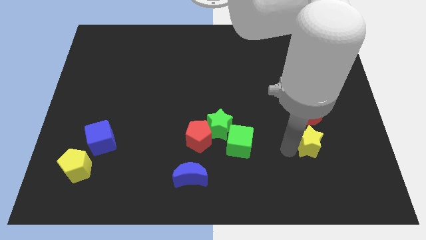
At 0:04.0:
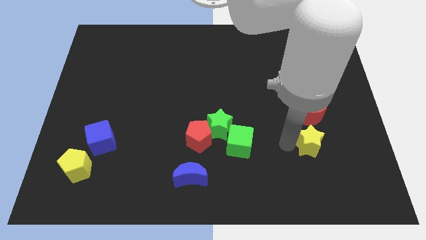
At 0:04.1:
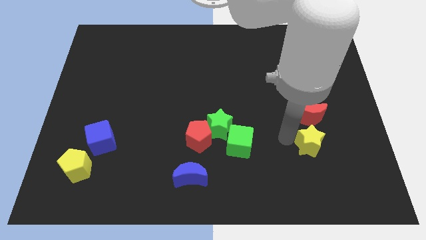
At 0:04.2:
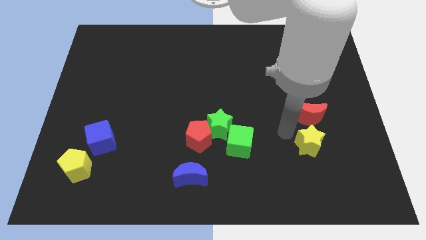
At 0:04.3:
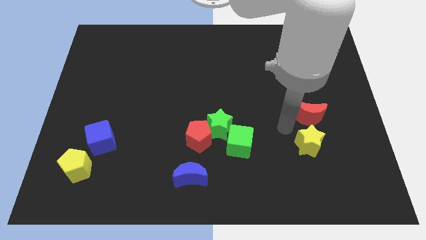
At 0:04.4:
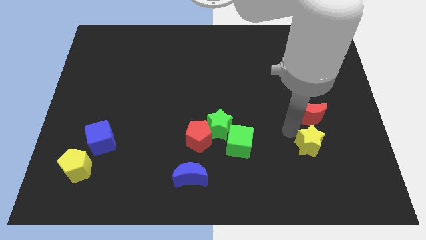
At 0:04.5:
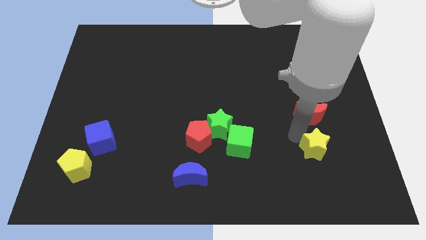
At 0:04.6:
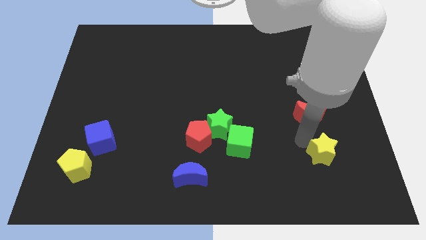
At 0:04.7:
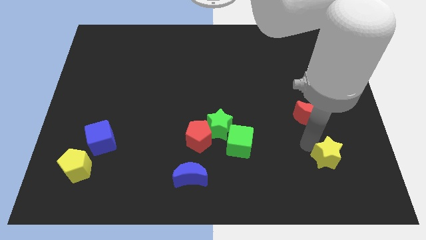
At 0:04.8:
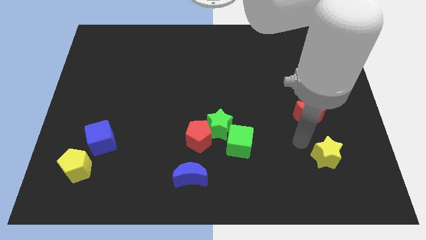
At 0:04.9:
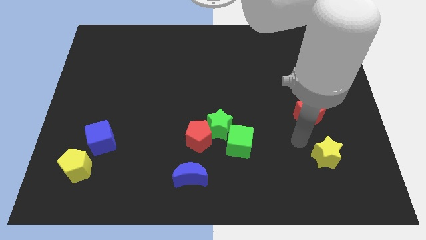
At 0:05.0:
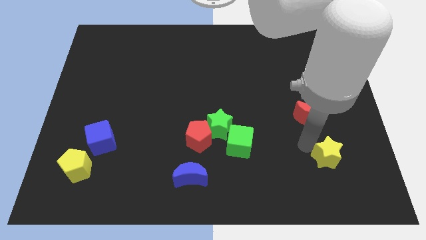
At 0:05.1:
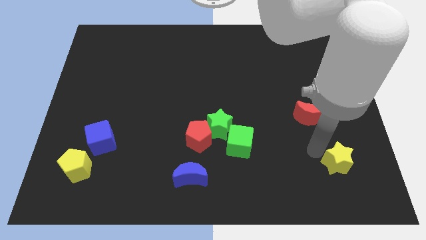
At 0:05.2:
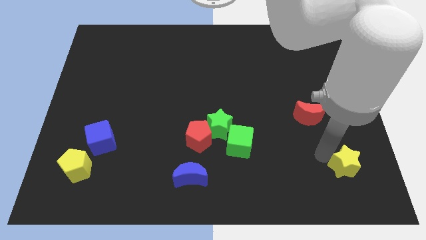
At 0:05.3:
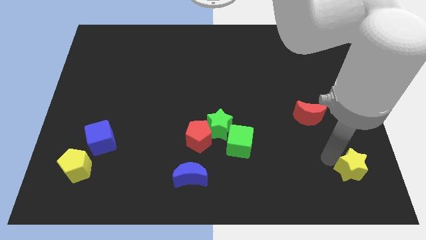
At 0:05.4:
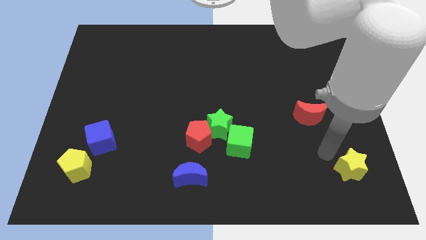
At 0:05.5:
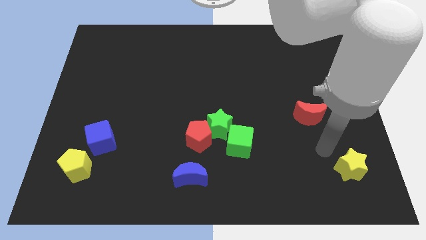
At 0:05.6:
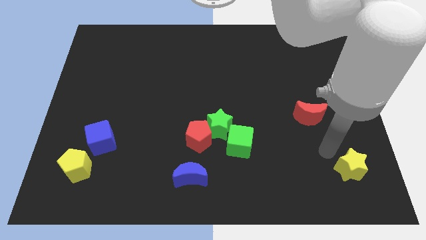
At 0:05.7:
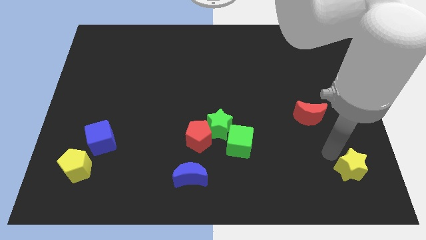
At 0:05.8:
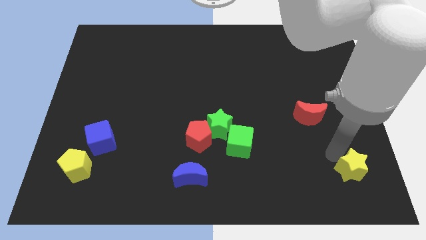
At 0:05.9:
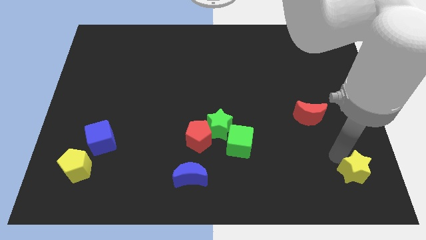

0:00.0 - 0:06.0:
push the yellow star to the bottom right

▶ **WHAT YOU HAVE TO DO**:
The entries are to be written out again exactly, though without any images.

▶ **WRITTEN SOLUTION**:
At 0:04.0:
At 0:04.1:
At 0:04.2:
At 0:04.3:
At 0:04.4:
At 0:04.5:
At 0:04.6:
At 0:04.7:
At 0:04.8:
At 0:04.9:
At 0:05.0:
At 0:05.1:
At 0:05.2:
At 0:05.3:
At 0:05.4:
At 0:05.5:
At 0:05.6:
At 0:05.7:
At 0:05.8:
At 0:05.9:

0:00.0 - 0:06.0:
push the yellow star to the bottom right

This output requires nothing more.